Records from a data collection:
——

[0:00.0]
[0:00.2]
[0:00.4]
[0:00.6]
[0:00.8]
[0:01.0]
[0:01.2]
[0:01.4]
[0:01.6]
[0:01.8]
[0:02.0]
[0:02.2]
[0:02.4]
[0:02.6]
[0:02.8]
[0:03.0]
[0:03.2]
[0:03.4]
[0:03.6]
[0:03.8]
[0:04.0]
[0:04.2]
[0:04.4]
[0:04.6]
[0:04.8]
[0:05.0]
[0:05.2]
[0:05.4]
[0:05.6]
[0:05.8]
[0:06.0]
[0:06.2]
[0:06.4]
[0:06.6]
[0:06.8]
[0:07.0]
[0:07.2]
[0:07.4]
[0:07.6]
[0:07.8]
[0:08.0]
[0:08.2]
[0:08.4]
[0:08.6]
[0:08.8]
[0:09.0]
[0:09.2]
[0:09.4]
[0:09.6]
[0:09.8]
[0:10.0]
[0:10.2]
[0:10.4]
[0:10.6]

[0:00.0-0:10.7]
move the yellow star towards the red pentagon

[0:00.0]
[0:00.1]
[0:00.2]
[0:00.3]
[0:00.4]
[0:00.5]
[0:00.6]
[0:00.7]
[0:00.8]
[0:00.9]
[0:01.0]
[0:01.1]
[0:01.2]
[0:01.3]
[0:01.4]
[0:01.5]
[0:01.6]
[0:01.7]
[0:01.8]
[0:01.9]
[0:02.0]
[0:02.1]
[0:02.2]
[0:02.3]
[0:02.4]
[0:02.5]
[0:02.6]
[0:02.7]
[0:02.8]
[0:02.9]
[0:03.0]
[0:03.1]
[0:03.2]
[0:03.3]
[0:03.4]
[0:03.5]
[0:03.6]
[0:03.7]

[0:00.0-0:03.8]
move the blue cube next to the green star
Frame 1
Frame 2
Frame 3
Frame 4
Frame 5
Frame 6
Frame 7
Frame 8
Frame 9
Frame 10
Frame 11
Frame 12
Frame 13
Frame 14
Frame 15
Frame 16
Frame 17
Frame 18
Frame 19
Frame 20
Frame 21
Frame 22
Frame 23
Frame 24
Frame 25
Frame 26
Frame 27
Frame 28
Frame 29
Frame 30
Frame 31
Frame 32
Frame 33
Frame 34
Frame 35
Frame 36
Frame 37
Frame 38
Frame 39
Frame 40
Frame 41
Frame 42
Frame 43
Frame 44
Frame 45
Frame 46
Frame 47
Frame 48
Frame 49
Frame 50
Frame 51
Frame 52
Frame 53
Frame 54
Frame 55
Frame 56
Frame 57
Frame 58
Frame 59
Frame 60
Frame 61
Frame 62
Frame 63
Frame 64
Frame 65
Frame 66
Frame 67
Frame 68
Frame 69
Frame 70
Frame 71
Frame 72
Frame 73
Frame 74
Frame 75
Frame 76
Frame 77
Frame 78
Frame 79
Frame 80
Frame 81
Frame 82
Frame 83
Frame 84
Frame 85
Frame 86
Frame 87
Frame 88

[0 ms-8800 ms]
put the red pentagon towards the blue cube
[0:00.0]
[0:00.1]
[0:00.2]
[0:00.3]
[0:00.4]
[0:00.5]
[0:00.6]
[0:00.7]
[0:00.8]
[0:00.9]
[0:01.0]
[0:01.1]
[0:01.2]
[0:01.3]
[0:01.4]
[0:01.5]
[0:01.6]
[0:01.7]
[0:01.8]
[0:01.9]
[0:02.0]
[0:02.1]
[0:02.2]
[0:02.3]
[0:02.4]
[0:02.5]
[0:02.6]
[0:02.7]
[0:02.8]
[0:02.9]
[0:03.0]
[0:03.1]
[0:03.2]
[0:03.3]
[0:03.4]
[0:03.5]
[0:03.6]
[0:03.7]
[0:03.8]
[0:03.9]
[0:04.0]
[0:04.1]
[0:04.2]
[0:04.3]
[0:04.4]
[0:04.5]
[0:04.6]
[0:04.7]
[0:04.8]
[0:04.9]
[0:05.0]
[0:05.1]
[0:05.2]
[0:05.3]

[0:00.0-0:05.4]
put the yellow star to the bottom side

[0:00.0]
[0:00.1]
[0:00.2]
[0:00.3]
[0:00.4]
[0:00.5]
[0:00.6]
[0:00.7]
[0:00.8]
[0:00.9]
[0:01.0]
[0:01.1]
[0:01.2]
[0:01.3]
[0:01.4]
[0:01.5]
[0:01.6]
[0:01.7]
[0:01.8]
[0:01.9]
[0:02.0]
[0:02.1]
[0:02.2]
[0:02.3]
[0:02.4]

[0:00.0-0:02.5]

——

Print the records once more, exactly as they were given.

[0:00.0]
[0:00.2]
[0:00.4]
[0:00.6]
[0:00.8]
[0:01.0]
[0:01.2]
[0:01.4]
[0:01.6]
[0:01.8]
[0:02.0]
[0:02.2]
[0:02.4]
[0:02.6]
[0:02.8]
[0:03.0]
[0:03.2]
[0:03.4]
[0:03.6]
[0:03.8]
[0:04.0]
[0:04.2]
[0:04.4]
[0:04.6]
[0:04.8]
[0:05.0]
[0:05.2]
[0:05.4]
[0:05.6]
[0:05.8]
[0:06.0]
[0:06.2]
[0:06.4]
[0:06.6]
[0:06.8]
[0:07.0]
[0:07.2]
[0:07.4]
[0:07.6]
[0:07.8]
[0:08.0]
[0:08.2]
[0:08.4]
[0:08.6]
[0:08.8]
[0:09.0]
[0:09.2]
[0:09.4]
[0:09.6]
[0:09.8]
[0:10.0]
[0:10.2]
[0:10.4]
[0:10.6]

[0:00.0-0:10.7]
move the yellow star towards the red pentagon

[0:00.0]
[0:00.1]
[0:00.2]
[0:00.3]
[0:00.4]
[0:00.5]
[0:00.6]
[0:00.7]
[0:00.8]
[0:00.9]
[0:01.0]
[0:01.1]
[0:01.2]
[0:01.3]
[0:01.4]
[0:01.5]
[0:01.6]
[0:01.7]
[0:01.8]
[0:01.9]
[0:02.0]
[0:02.1]
[0:02.2]
[0:02.3]
[0:02.4]
[0:02.5]
[0:02.6]
[0:02.7]
[0:02.8]
[0:02.9]
[0:03.0]
[0:03.1]
[0:03.2]
[0:03.3]
[0:03.4]
[0:03.5]
[0:03.6]
[0:03.7]

[0:00.0-0:03.8]
move the blue cube next to the green star
Frame 1
Frame 2
Frame 3
Frame 4
Frame 5
Frame 6
Frame 7
Frame 8
Frame 9
Frame 10
Frame 11
Frame 12
Frame 13
Frame 14
Frame 15
Frame 16
Frame 17
Frame 18
Frame 19
Frame 20
Frame 21
Frame 22
Frame 23
Frame 24
Frame 25
Frame 26
Frame 27
Frame 28
Frame 29
Frame 30
Frame 31
Frame 32
Frame 33
Frame 34
Frame 35
Frame 36
Frame 37
Frame 38
Frame 39
Frame 40
Frame 41
Frame 42
Frame 43
Frame 44
Frame 45
Frame 46
Frame 47
Frame 48
Frame 49
Frame 50
Frame 51
Frame 52
Frame 53
Frame 54
Frame 55
Frame 56
Frame 57
Frame 58
Frame 59
Frame 60
Frame 61
Frame 62
Frame 63
Frame 64
Frame 65
Frame 66
Frame 67
Frame 68
Frame 69
Frame 70
Frame 71
Frame 72
Frame 73
Frame 74
Frame 75
Frame 76
Frame 77
Frame 78
Frame 79
Frame 80
Frame 81
Frame 82
Frame 83
Frame 84
Frame 85
Frame 86
Frame 87
Frame 88

[0 ms-8800 ms]
put the red pentagon towards the blue cube
[0:00.0]
[0:00.1]
[0:00.2]
[0:00.3]
[0:00.4]
[0:00.5]
[0:00.6]
[0:00.7]
[0:00.8]
[0:00.9]
[0:01.0]
[0:01.1]
[0:01.2]
[0:01.3]
[0:01.4]
[0:01.5]
[0:01.6]
[0:01.7]
[0:01.8]
[0:01.9]
[0:02.0]
[0:02.1]
[0:02.2]
[0:02.3]
[0:02.4]
[0:02.5]
[0:02.6]
[0:02.7]
[0:02.8]
[0:02.9]
[0:03.0]
[0:03.1]
[0:03.2]
[0:03.3]
[0:03.4]
[0:03.5]
[0:03.6]
[0:03.7]
[0:03.8]
[0:03.9]
[0:04.0]
[0:04.1]
[0:04.2]
[0:04.3]
[0:04.4]
[0:04.5]
[0:04.6]
[0:04.7]
[0:04.8]
[0:04.9]
[0:05.0]
[0:05.1]
[0:05.2]
[0:05.3]

[0:00.0-0:05.4]
put the yellow star to the bottom side

[0:00.0]
[0:00.1]
[0:00.2]
[0:00.3]
[0:00.4]
[0:00.5]
[0:00.6]
[0:00.7]
[0:00.8]
[0:00.9]
[0:01.0]
[0:01.1]
[0:01.2]
[0:01.3]
[0:01.4]
[0:01.5]
[0:01.6]
[0:01.7]
[0:01.8]
[0:01.9]
[0:02.0]
[0:02.1]
[0:02.2]
[0:02.3]
[0:02.4]

[0:00.0-0:02.5]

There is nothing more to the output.